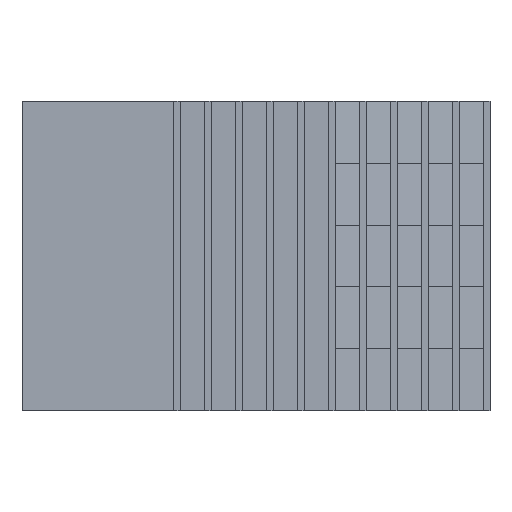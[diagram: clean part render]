
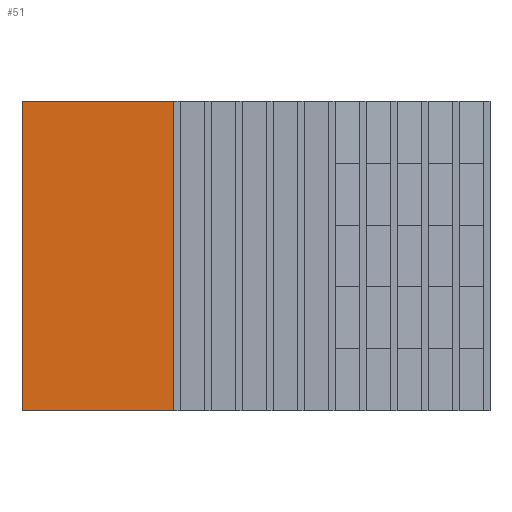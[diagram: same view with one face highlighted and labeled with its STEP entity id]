
A CAD part, front view. The second image highlights one B-rep face of the part: STEP entity #51.
In plain terms, the highlighted planar face has unit normal (0, -1, 0).
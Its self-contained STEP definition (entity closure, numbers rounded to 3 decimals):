
#51 = ADVANCED_FACE('',(#52),#66,.F.);
#52 = FACE_BOUND('',#53,.F.);
#53 = EDGE_LOOP('',(#54,#89,#117,#145));
#54 = ORIENTED_EDGE('',*,*,#55,.F.);
#55 = EDGE_CURVE('',#56,#58,#60,.T.);
#56 = VERTEX_POINT('',#57);
#57 = CARTESIAN_POINT('',(-0.5,-0.5,0.));
#58 = VERTEX_POINT('',#59);
#59 = CARTESIAN_POINT('',(-0.5,-0.5,50.));
#60 = SURFACE_CURVE('',#61,(#65,#77),.PCURVE_S1.);
#61 = LINE('',#62,#63);
#62 = CARTESIAN_POINT('',(-0.5,-0.5,0.));
#63 = VECTOR('',#64,1.);
#64 = DIRECTION('',(0.,0.,1.));
#65 = PCURVE('',#66,#71);
#66 = PLANE('',#67);
#67 = AXIS2_PLACEMENT_3D('',#68,#69,#70);
#68 = CARTESIAN_POINT('',(-25.,-0.5,40.));
#69 = DIRECTION('',(0.,1.,0.));
#70 = DIRECTION('',(1.,0.,0.));
#71 = DEFINITIONAL_REPRESENTATION('',(#72),#76);
#72 = LINE('',#73,#74);
#73 = CARTESIAN_POINT('',(24.5,40.));
#74 = VECTOR('',#75,1.);
#75 = DIRECTION('',(0.,-1.));
#76 = ( GEOMETRIC_REPRESENTATION_CONTEXT(2) 
PARAMETRIC_REPRESENTATION_CONTEXT() REPRESENTATION_CONTEXT('2D SPACE',''
  ) );
#77 = PCURVE('',#78,#83);
#78 = PLANE('',#79);
#79 = AXIS2_PLACEMENT_3D('',#80,#81,#82);
#80 = CARTESIAN_POINT('',(-0.5,5.,40.));
#81 = DIRECTION('',(1.,0.,-0.));
#82 = DIRECTION('',(0.,-1.,0.));
#83 = DEFINITIONAL_REPRESENTATION('',(#84),#88);
#84 = LINE('',#85,#86);
#85 = CARTESIAN_POINT('',(5.5,40.));
#86 = VECTOR('',#87,1.);
#87 = DIRECTION('',(0.,-1.));
#88 = ( GEOMETRIC_REPRESENTATION_CONTEXT(2) 
PARAMETRIC_REPRESENTATION_CONTEXT() REPRESENTATION_CONTEXT('2D SPACE',''
  ) );
#89 = ORIENTED_EDGE('',*,*,#90,.F.);
#90 = EDGE_CURVE('',#91,#56,#93,.T.);
#91 = VERTEX_POINT('',#92);
#92 = CARTESIAN_POINT('',(-25.,-0.5,0.));
#93 = SURFACE_CURVE('',#94,(#98,#105),.PCURVE_S1.);
#94 = LINE('',#95,#96);
#95 = CARTESIAN_POINT('',(-25.,-0.5,0.));
#96 = VECTOR('',#97,1.);
#97 = DIRECTION('',(1.,0.,0.));
#98 = PCURVE('',#66,#99);
#99 = DEFINITIONAL_REPRESENTATION('',(#100),#104);
#100 = LINE('',#101,#102);
#101 = CARTESIAN_POINT('',(0.,40.));
#102 = VECTOR('',#103,1.);
#103 = DIRECTION('',(1.,0.));
#104 = ( GEOMETRIC_REPRESENTATION_CONTEXT(2) 
PARAMETRIC_REPRESENTATION_CONTEXT() REPRESENTATION_CONTEXT('2D SPACE',''
  ) );
#105 = PCURVE('',#106,#111);
#106 = PLANE('',#107);
#107 = AXIS2_PLACEMENT_3D('',#108,#109,#110);
#108 = CARTESIAN_POINT('',(0.,0.,0.));
#109 = DIRECTION('',(0.,0.,1.));
#110 = DIRECTION('',(1.,0.,-0.));
#111 = DEFINITIONAL_REPRESENTATION('',(#112),#116);
#112 = LINE('',#113,#114);
#113 = CARTESIAN_POINT('',(-25.,-0.5));
#114 = VECTOR('',#115,1.);
#115 = DIRECTION('',(1.,0.));
#116 = ( GEOMETRIC_REPRESENTATION_CONTEXT(2) 
PARAMETRIC_REPRESENTATION_CONTEXT() REPRESENTATION_CONTEXT('2D SPACE',''
  ) );
#117 = ORIENTED_EDGE('',*,*,#118,.F.);
#118 = EDGE_CURVE('',#119,#91,#121,.T.);
#119 = VERTEX_POINT('',#120);
#120 = CARTESIAN_POINT('',(-25.,-0.5,50.));
#121 = SURFACE_CURVE('',#122,(#126,#133),.PCURVE_S1.);
#122 = LINE('',#123,#124);
#123 = CARTESIAN_POINT('',(-25.,-0.5,50.));
#124 = VECTOR('',#125,1.);
#125 = DIRECTION('',(0.,0.,-1.));
#126 = PCURVE('',#66,#127);
#127 = DEFINITIONAL_REPRESENTATION('',(#128),#132);
#128 = LINE('',#129,#130);
#129 = CARTESIAN_POINT('',(0.,-10.));
#130 = VECTOR('',#131,1.);
#131 = DIRECTION('',(0.,1.));
#132 = ( GEOMETRIC_REPRESENTATION_CONTEXT(2) 
PARAMETRIC_REPRESENTATION_CONTEXT() REPRESENTATION_CONTEXT('2D SPACE',''
  ) );
#133 = PCURVE('',#134,#139);
#134 = PLANE('',#135);
#135 = AXIS2_PLACEMENT_3D('',#136,#137,#138);
#136 = CARTESIAN_POINT('',(-25.,0.5,40.));
#137 = DIRECTION('',(1.,0.,-0.));
#138 = DIRECTION('',(0.,-1.,0.));
#139 = DEFINITIONAL_REPRESENTATION('',(#140),#144);
#140 = LINE('',#141,#142);
#141 = CARTESIAN_POINT('',(1.,-10.));
#142 = VECTOR('',#143,1.);
#143 = DIRECTION('',(0.,1.));
#144 = ( GEOMETRIC_REPRESENTATION_CONTEXT(2) 
PARAMETRIC_REPRESENTATION_CONTEXT() REPRESENTATION_CONTEXT('2D SPACE',''
  ) );
#145 = ORIENTED_EDGE('',*,*,#146,.T.);
#146 = EDGE_CURVE('',#119,#58,#147,.T.);
#147 = SURFACE_CURVE('',#148,(#152,#159),.PCURVE_S1.);
#148 = LINE('',#149,#150);
#149 = CARTESIAN_POINT('',(-25.,-0.5,50.));
#150 = VECTOR('',#151,1.);
#151 = DIRECTION('',(1.,0.,0.));
#152 = PCURVE('',#66,#153);
#153 = DEFINITIONAL_REPRESENTATION('',(#154),#158);
#154 = LINE('',#155,#156);
#155 = CARTESIAN_POINT('',(0.,-10.));
#156 = VECTOR('',#157,1.);
#157 = DIRECTION('',(1.,0.));
#158 = ( GEOMETRIC_REPRESENTATION_CONTEXT(2) 
PARAMETRIC_REPRESENTATION_CONTEXT() REPRESENTATION_CONTEXT('2D SPACE',''
  ) );
#159 = PCURVE('',#160,#165);
#160 = PLANE('',#161);
#161 = AXIS2_PLACEMENT_3D('',#162,#163,#164);
#162 = CARTESIAN_POINT('',(0.,0.,50.));
#163 = DIRECTION('',(0.,0.,1.));
#164 = DIRECTION('',(1.,0.,-0.));
#165 = DEFINITIONAL_REPRESENTATION('',(#166),#170);
#166 = LINE('',#167,#168);
#167 = CARTESIAN_POINT('',(-25.,-0.5));
#168 = VECTOR('',#169,1.);
#169 = DIRECTION('',(1.,0.));
#170 = ( GEOMETRIC_REPRESENTATION_CONTEXT(2) 
PARAMETRIC_REPRESENTATION_CONTEXT() REPRESENTATION_CONTEXT('2D SPACE',''
  ) );
★ ★ ★ ★
» **Problem requirements**:
In the listing above, find the line containing "#58 = VERTEX_POINT('',#59);" and the line containing "#96 = VECTOR('',#97,1.);", then repeat those two lines and everything between them exactly.

» **Answer space**:
#58 = VERTEX_POINT('',#59);
#59 = CARTESIAN_POINT('',(-0.5,-0.5,50.));
#60 = SURFACE_CURVE('',#61,(#65,#77),.PCURVE_S1.);
#61 = LINE('',#62,#63);
#62 = CARTESIAN_POINT('',(-0.5,-0.5,0.));
#63 = VECTOR('',#64,1.);
#64 = DIRECTION('',(0.,0.,1.));
#65 = PCURVE('',#66,#71);
#66 = PLANE('',#67);
#67 = AXIS2_PLACEMENT_3D('',#68,#69,#70);
#68 = CARTESIAN_POINT('',(-25.,-0.5,40.));
#69 = DIRECTION('',(0.,1.,0.));
#70 = DIRECTION('',(1.,0.,0.));
#71 = DEFINITIONAL_REPRESENTATION('',(#72),#76);
#72 = LINE('',#73,#74);
#73 = CARTESIAN_POINT('',(24.5,40.));
#74 = VECTOR('',#75,1.);
#75 = DIRECTION('',(0.,-1.));
#76 = ( GEOMETRIC_REPRESENTATION_CONTEXT(2) 
PARAMETRIC_REPRESENTATION_CONTEXT() REPRESENTATION_CONTEXT('2D SPACE',''
  ) );
#77 = PCURVE('',#78,#83);
#78 = PLANE('',#79);
#79 = AXIS2_PLACEMENT_3D('',#80,#81,#82);
#80 = CARTESIAN_POINT('',(-0.5,5.,40.));
#81 = DIRECTION('',(1.,0.,-0.));
#82 = DIRECTION('',(0.,-1.,0.));
#83 = DEFINITIONAL_REPRESENTATION('',(#84),#88);
#84 = LINE('',#85,#86);
#85 = CARTESIAN_POINT('',(5.5,40.));
#86 = VECTOR('',#87,1.);
#87 = DIRECTION('',(0.,-1.));
#88 = ( GEOMETRIC_REPRESENTATION_CONTEXT(2) 
PARAMETRIC_REPRESENTATION_CONTEXT() REPRESENTATION_CONTEXT('2D SPACE',''
  ) );
#89 = ORIENTED_EDGE('',*,*,#90,.F.);
#90 = EDGE_CURVE('',#91,#56,#93,.T.);
#91 = VERTEX_POINT('',#92);
#92 = CARTESIAN_POINT('',(-25.,-0.5,0.));
#93 = SURFACE_CURVE('',#94,(#98,#105),.PCURVE_S1.);
#94 = LINE('',#95,#96);
#95 = CARTESIAN_POINT('',(-25.,-0.5,0.));
#96 = VECTOR('',#97,1.);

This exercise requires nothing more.